Qui donc est capable de comprendre toute la richesse d'une seule de tes paroles, Seigneur ? Ce que nous en comprenons est bien moindre que ce que nous en laissons, comme des gens assoiffés qui boivent à une source. Les perspectives de ta parole sont nombreuses, comme sont nombreuses les orientations de ceux qui l'étudient. Le Seigneur a coloré sa parole de multiples beautés, pour que chacun de ceux qui la scrutent puisse contempler ce qu'il aime. Et dans sa parole il a caché tous les trésors, pour que chacun de nous trouve une richesse dans ce qu'il médite.

La parole de Dieu est un arbre de vie qui, de tous côtés, te présente des fruits bénis ; elle est comme ce rocher qui s'est ouvert dans le désert pour offrir à tous les hommes une boisson spirituelle. Selon l'Apôtre, ils ont mangé un aliment spirituel, ils ont bu à une source spirituelle.

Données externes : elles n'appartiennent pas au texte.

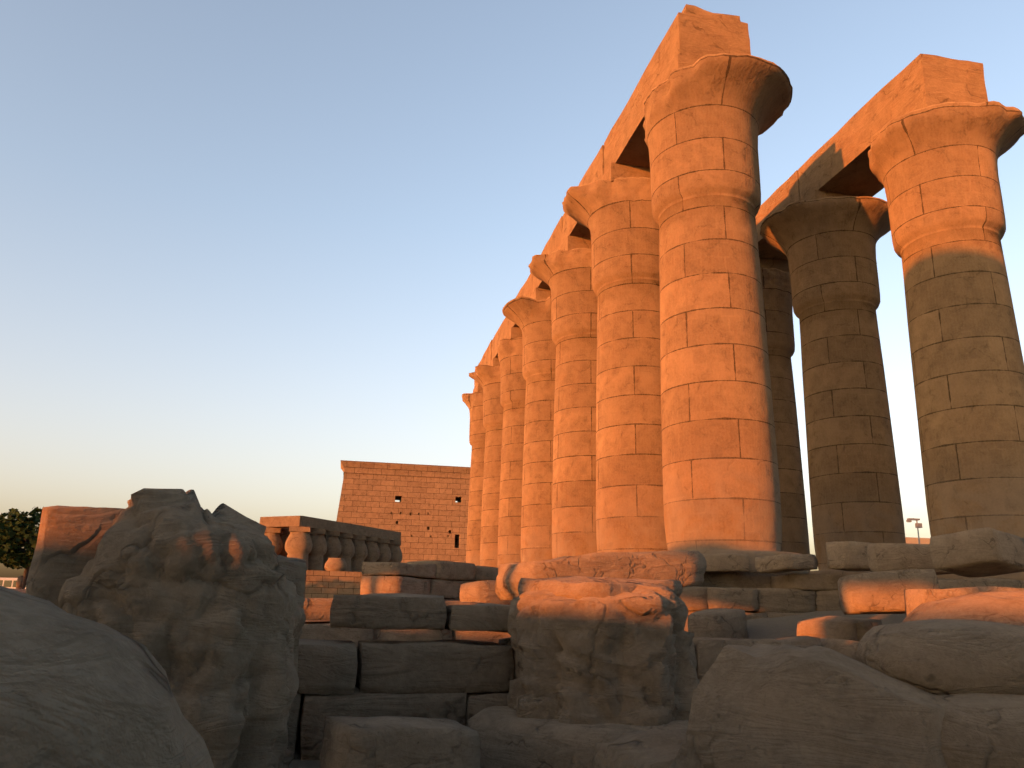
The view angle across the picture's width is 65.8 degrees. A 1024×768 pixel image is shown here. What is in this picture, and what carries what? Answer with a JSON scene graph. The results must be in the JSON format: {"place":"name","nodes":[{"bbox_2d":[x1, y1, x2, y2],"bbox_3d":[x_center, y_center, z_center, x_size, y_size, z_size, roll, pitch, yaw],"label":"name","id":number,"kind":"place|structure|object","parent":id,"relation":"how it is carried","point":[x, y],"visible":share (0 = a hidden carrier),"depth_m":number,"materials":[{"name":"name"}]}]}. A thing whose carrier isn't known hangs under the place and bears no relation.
{"place":"outdoors","nodes":[
{"label":"outdoors","id":0,"kind":"place"},
{"bbox_2d":[10,588,905,767],"bbox_3d":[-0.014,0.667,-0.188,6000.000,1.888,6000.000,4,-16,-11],"label":"ground","id":1,"kind":"structure","parent":0,"point":[774,627],"depth_m":16.56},
{"bbox_2d":[0,578,25,588],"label":"coach body","id":2,"kind":"object","parent":1,"relation":"on","point":[12,579],"visible":0.1,"depth_m":116.17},
{"bbox_2d":[0,580,25,586],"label":"coach windows","id":3,"kind":"structure","parent":2,"relation":"attached to","point":[7,583],"depth_m":116.04,"materials":[{"name":"glass"}]},
{"bbox_2d":[16,576,23,588],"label":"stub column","id":4,"kind":"structure","parent":1,"relation":"on","point":[19,582],"depth_m":33.14,"materials":[{"name":"stone"}]},
{"bbox_2d":[0,506,43,588],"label":"ficus tree","id":5,"kind":"object","parent":1,"relation":"on","point":[17,527],"depth_m":50.76,"materials":[{"name":"green plant"}]},
{"bbox_2d":[0,586,213,767],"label":"boulder","id":6,"kind":"object","parent":1,"relation":"on","point":[77,691],"visible":1,"depth_m":1.48,"materials":[{"name":"stone"}]},
{"bbox_2d":[26,505,306,730],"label":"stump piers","id":7,"kind":"structure","parent":1,"relation":"on","point":[69,538],"depth_m":5.59,"materials":[{"name":"stone"}]},
{"bbox_2d":[58,488,305,767],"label":"column stump","id":8,"kind":"object","parent":1,"relation":"on","point":[195,598],"visible":0.76,"depth_m":5.38,"materials":[{"name":"stone"}]},
{"bbox_2d":[264,532,401,571],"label":"columns","id":9,"kind":"structure","parent":1,"relation":"on","point":[315,551],"depth_m":96.61,"materials":[{"name":"stone"}]},
{"bbox_2d":[259,516,400,545],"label":"court architraves","id":10,"kind":"object","parent":9,"relation":"on","point":[285,525],"visible":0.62,"depth_m":97.08,"materials":[{"name":"stone"}]},
{"bbox_2d":[304,570,361,597],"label":"brick wall","id":11,"kind":"structure","parent":1,"relation":"on","point":[324,584],"depth_m":85.38,"materials":[{"name":"beige brick"}]},
{"bbox_2d":[324,558,465,570],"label":"court column stumps","id":12,"kind":"object","parent":1,"relation":"on","point":[335,564],"visible":0.23,"depth_m":89.71,"materials":[{"name":"stone"}]},
{"bbox_2d":[319,716,480,767],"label":"loose block","id":13,"kind":"object","parent":1,"relation":"on","point":[386,742],"depth_m":5.55,"materials":[{"name":"stone"}]},
{"bbox_2d":[287,637,519,759],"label":"ruin wall","id":14,"kind":"structure","parent":1,"relation":"on","point":[462,682],"depth_m":7.62,"materials":[{"name":"stone"}]},
{"bbox_2d":[336,460,470,562],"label":"pylon tower","id":15,"kind":"structure","parent":1,"relation":"on","point":[426,516],"depth_m":135.85,"materials":[{"name":"beige stone"}]},
{"bbox_2d":[300,598,510,650],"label":"ruin wall","id":16,"kind":"structure","parent":1,"relation":"on","point":[316,608],"depth_m":13.29,"materials":[{"name":"stone"}]},
{"bbox_2d":[330,593,509,632],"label":"stone blocks","id":17,"kind":"structure","parent":16,"relation":"on","point":[390,611],"depth_m":7.93,"materials":[{"name":"beige stone"}]},
{"bbox_2d":[360,560,497,599],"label":"stone blocks","id":18,"kind":"structure","parent":1,"relation":"on","point":[446,579],"depth_m":19.67,"materials":[{"name":"stone"}]},
{"bbox_2d":[468,706,687,767],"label":"stone block","id":19,"kind":"structure","parent":1,"relation":"on","point":[508,738],"depth_m":6.46,"materials":[{"name":"stone"}]},
{"bbox_2d":[507,581,698,725],"bbox_3d":[0.819,2.617,7.490,1.701,1.468,1.777,5,-16,-15],"label":"column stump","id":20,"kind":"object","parent":19,"relation":"on","point":[627,658],"visible":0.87,"depth_m":6.86,"materials":[{"name":"stone"}]},
{"bbox_2d":[518,576,682,599],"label":"stump cap slab","id":21,"kind":"structure","parent":20,"relation":"on","point":[578,587],"depth_m":7.52,"materials":[{"name":"stone"}]},
{"bbox_2d":[591,728,686,767],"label":"stone block","id":22,"kind":"structure","parent":1,"relation":"on","point":[654,748],"depth_m":4.90,"materials":[{"name":"stone"}]},
{"bbox_2d":[679,585,708,618],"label":"stone block","id":23,"kind":"structure","parent":1,"relation":"on","point":[694,598],"depth_m":17.46,"materials":[{"name":"stone"}]},
{"bbox_2d":[688,608,881,660],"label":"rubble blocks","id":24,"kind":"structure","parent":1,"relation":"on","point":[842,635],"depth_m":14.62,"materials":[{"name":"stone"}]},
{"bbox_2d":[689,637,790,682],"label":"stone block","id":25,"kind":"structure","parent":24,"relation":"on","point":[705,651],"depth_m":11.38,"materials":[{"name":"stone"}]},
{"bbox_2d":[495,551,706,600],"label":"fallen slab","id":26,"kind":"structure","parent":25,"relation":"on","point":[686,568],"depth_m":11.49,"materials":[{"name":"stone"}]},
{"bbox_2d":[669,643,947,767],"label":"boulder","id":27,"kind":"object","parent":1,"relation":"on","point":[757,705],"visible":0.86,"depth_m":4.05,"materials":[{"name":"stone"}]},
{"bbox_2d":[698,572,958,587],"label":"colonnade floor","id":28,"kind":"structure","parent":1,"relation":"on","point":[736,580],"depth_m":18.80,"materials":[{"name":"stone"}]},
{"bbox_2d":[462,391,485,565],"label":"column","id":29,"kind":"structure","parent":28,"relation":"on","point":[473,401],"depth_m":59.51,"materials":[{"name":"stone"}]},
{"bbox_2d":[469,365,502,567],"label":"column","id":30,"kind":"structure","parent":28,"relation":"on","point":[487,378],"depth_m":53.41,"materials":[{"name":"stone"}]},
{"bbox_2d":[498,337,525,566],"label":"column","id":31,"kind":"structure","parent":28,"relation":"on","point":[512,388],"depth_m":47.20,"materials":[{"name":"stone"}]},
{"bbox_2d":[502,296,555,561],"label":"column","id":32,"kind":"structure","parent":28,"relation":"on","point":[530,317],"depth_m":41.17,"materials":[{"name":"stone"}]},
{"bbox_2d":[528,248,597,558],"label":"column","id":33,"kind":"structure","parent":28,"relation":"on","point":[565,276],"depth_m":35.02,"materials":[{"name":"stone"}]},
{"bbox_2d":[473,4,750,391],"bbox_3d":[2.328,-5.475,44.516,2.785,3.075,41.204,4,-16,-11],"label":"architrave","id":34,"kind":"object","parent":33,"relation":"on","point":[694,34],"visible":0.33,"depth_m":29.12,"materials":[{"name":"stone"}]},
{"bbox_2d":[562,177,667,551],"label":"column","id":35,"kind":"structure","parent":28,"relation":"on","point":[615,217],"depth_m":28.87,"materials":[{"name":"stone"}]},
{"bbox_2d":[643,53,808,573],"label":"column","id":36,"kind":"structure","parent":28,"relation":"on","point":[709,119],"depth_m":22.78,"materials":[{"name":"stone"}]},
{"bbox_2d":[459,527,1023,616],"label":"stone blocks","id":37,"kind":"structure","parent":28,"relation":"on","point":[900,578],"depth_m":13.44,"materials":[{"name":"stone"}]},
{"bbox_2d":[760,268,809,570],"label":"column","id":38,"kind":"structure","parent":28,"relation":"on","point":[777,297],"depth_m":36.59,"materials":[{"name":"stone"}]},
{"bbox_2d":[759,196,905,575],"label":"column","id":39,"kind":"structure","parent":28,"relation":"on","point":[826,246],"depth_m":30.78,"materials":[{"name":"stone"}]},
{"bbox_2d":[868,101,1023,580],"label":"column","id":40,"kind":"structure","parent":28,"relation":"on","point":[934,169],"depth_m":24.83,"materials":[{"name":"stone"}]},
{"bbox_2d":[755,54,987,271],"bbox_3d":[10.888,-4.591,46.089,2.773,2.545,41.176,4,-16,-11],"label":"architrave","id":41,"kind":"object","parent":40,"relation":"on","point":[836,164],"visible":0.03,"depth_m":29.93,"materials":[{"name":"stone"}]},
{"bbox_2d":[707,574,1023,619],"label":"stone blocks","id":42,"kind":"structure","parent":1,"relation":"on","point":[790,594],"depth_m":17.74,"materials":[{"name":"stone"}]},
{"bbox_2d":[906,518,922,543],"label":"lamp post","id":43,"kind":"object","parent":1,"relation":"on","point":[918,525],"visible":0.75,"depth_m":105.76,"materials":[{"name":"metal"}]},
{"bbox_2d":[905,537,929,543],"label":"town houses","id":44,"kind":"structure","parent":1,"relation":"on","point":[911,540],"depth_m":195.47,"materials":[{"name":"beige"}]},
{"bbox_2d":[856,591,1023,767],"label":"rounded stones","id":45,"kind":"object","parent":1,"relation":"on","point":[961,657],"visible":0.86,"depth_m":3.99,"materials":[{"name":"stone"}]},
{"bbox_2d":[0,0,1023,577],"label":"sky","id":46,"kind":"structure","parent":0,"point":[250,249],"materials":[{"name":"blue"}]}
]}

Celui qui obtient en partage une de ces richesses ne doit pas croire qu'il y a seulement, dans la parole de Dieu, ce qu'il y trouve. Il doit comprendre au contraire qu'il a été capable d'y découvrir une seule chose parmi bien d'autres. Enrichi par la parole, il ne doit pas croire que celle-ci est appauvrie ; incapable de l'épuiser, qu'il rende grâce pour sa richesse. Réjouis-toi parce que tu es rassasié, mais ne t'attriste pas de ce qui te dépasse. Celui qui a soif se réjouit de boire, mais il ne s'attriste pas de ne pouvoir épuiser la source. Que la source apaise ta soif, sans que ta soif épuise la source. Si ta soif est étanchée sans que la source soit tarie, tu pourras y boire à nouveau, chaque fois que tu auras soif. Si au contraire, en te rassasiant, tu épuisais la source, ta victoire deviendrait ton malheur.

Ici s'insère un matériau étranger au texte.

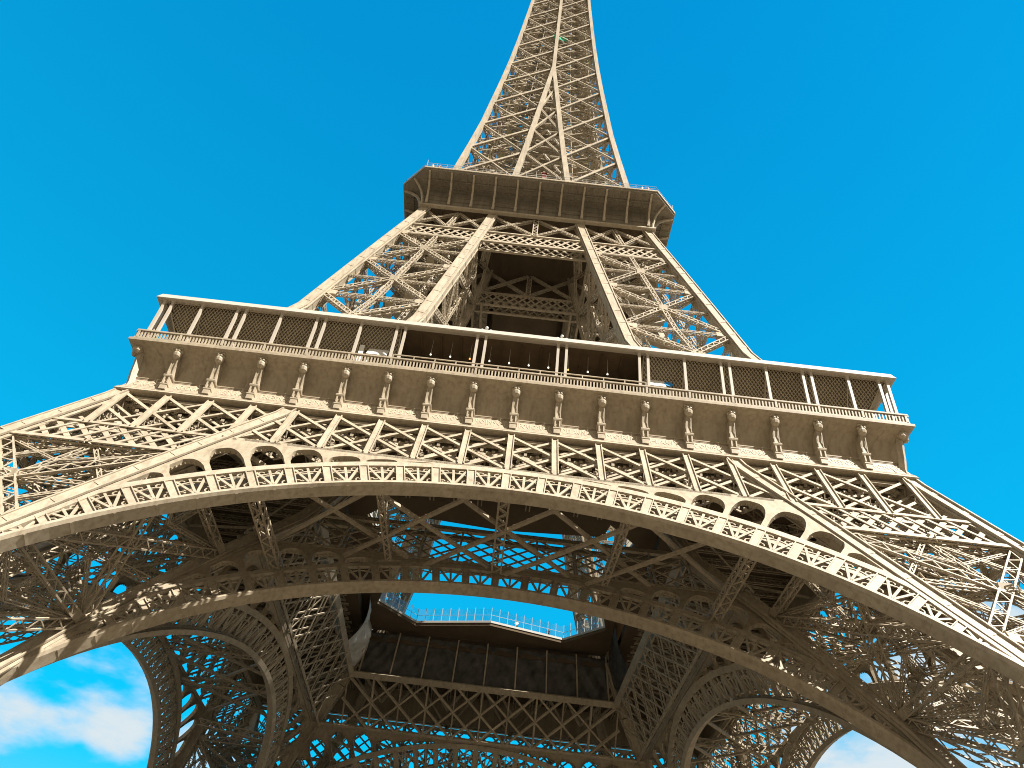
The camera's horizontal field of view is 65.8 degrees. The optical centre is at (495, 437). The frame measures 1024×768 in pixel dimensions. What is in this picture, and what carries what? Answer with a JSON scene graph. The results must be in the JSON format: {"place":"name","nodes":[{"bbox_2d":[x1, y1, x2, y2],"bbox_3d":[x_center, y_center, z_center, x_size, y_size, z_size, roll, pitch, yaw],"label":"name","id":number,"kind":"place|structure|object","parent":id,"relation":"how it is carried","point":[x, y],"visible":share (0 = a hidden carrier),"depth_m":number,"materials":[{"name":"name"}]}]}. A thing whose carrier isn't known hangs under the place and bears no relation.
{"place":"outdoors","nodes":[
{"label":"outdoors","id":0,"kind":"place"},
{"bbox_2d":[0,0,1023,767],"label":"sky","id":1,"kind":"structure","parent":0,"point":[843,180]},
{"label":"ground","id":2,"kind":"structure","parent":0,"visible":0},
{"bbox_2d":[0,0,1023,767],"bbox_3d":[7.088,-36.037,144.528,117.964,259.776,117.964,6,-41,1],"label":"iron lattice tower","id":3,"kind":"structure","parent":2,"relation":"on","point":[742,504],"depth_m":71.51,"materials":[{"name":"beige metal"}]},
{"bbox_2d":[348,600,371,665],"bbox_3d":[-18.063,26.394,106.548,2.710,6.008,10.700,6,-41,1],"label":"tarpaulin","id":4,"kind":"object","parent":3,"relation":"hanging from","point":[358,640],"visible":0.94,"depth_m":105.49,"materials":[{"name":"grey fabric"}]},
{"bbox_2d":[356,345,388,361],"bbox_3d":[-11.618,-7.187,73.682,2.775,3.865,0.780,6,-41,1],"label":"car","id":5,"kind":"object","parent":3,"relation":"on","point":[375,351],"visible":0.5,"depth_m":74.32,"materials":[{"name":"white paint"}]},
{"bbox_2d":[358,630,609,700],"bbox_3d":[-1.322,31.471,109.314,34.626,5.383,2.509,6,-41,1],"label":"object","id":6,"kind":"object","parent":3,"relation":"on","point":[475,668],"visible":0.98,"depth_m":109.35,"materials":[{"name":"brown metal"}]},
{"bbox_2d":[609,624,627,693],"bbox_3d":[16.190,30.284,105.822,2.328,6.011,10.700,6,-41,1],"label":"tarpaulin","id":7,"kind":"object","parent":3,"relation":"hanging from","point":[618,667],"visible":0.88,"depth_m":104.54,"materials":[{"name":"black fabric"}]},
{"bbox_2d":[645,379,672,395],"bbox_3d":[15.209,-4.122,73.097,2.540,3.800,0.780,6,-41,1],"label":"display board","id":8,"kind":"object","parent":3,"relation":"on","point":[659,383],"visible":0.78,"depth_m":73.69,"materials":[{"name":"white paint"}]}
]}

Rends grâce pour ce que tu as reçu et ne regrette pas ce qui demeure inutilisé. Ce que tu as pris et emporté est ta part ; mais ce qui reste est aussi ton héritage. Ce que tu n'as pas pu recevoir aussitôt, à cause de ta faiblesse, tu le recevras une autre fois, si tu persévères. N'aie donc pas la mauvaise pensée de vouloir prendre d'un seul trait ce qui ne peut pas être pris en une seule fois ; et ne renonce pas, par négligence, à ce que tu es capable d'absorber peu à peu.
 Mais quelle est notre mission de baptisé ?
 
Le temps du carême nous permet de réfléchir à notre engagement envers le baptême. Le baptême constitue la source de la vie et l’entrée dans l’Eglise.
Le sacrement de baptême comporte beaucoup de notion c’est pourquoi je parlerais de sa mission essentielle qui est généralement omis alors qu’elle me parait importante. Lors de l’onction du Saint-Chrême, le prêtre dit : « Tu es maintenant baptisé : le Dieu tout-puissant, Père de Jésus, le Christ, notre Seigneur, t’a libéré du péché et t’a fais renaître de l’eau et de l’Esprit-Saint. Désormais, tu fais partie de son peuple, tu es membre du Corps du Christ et tu participe à sa dignité de Prêtre, de Prophète et de Roi. Dieu te marque de l’huile du Salut afin que tu demeures dans le Christ pour la vie éternelle. »
Par ton baptême, tu es Prêtre, Prophète et Roi.
 
Comment pouvons-nous être Prêtre ?
Etre Prêtre signifie Célébrer c’est-à-dire prier, participer aux célébrations pour implorer et rendre grâce au nom et en faveur de l'humanité entière, recevoir les sacrements….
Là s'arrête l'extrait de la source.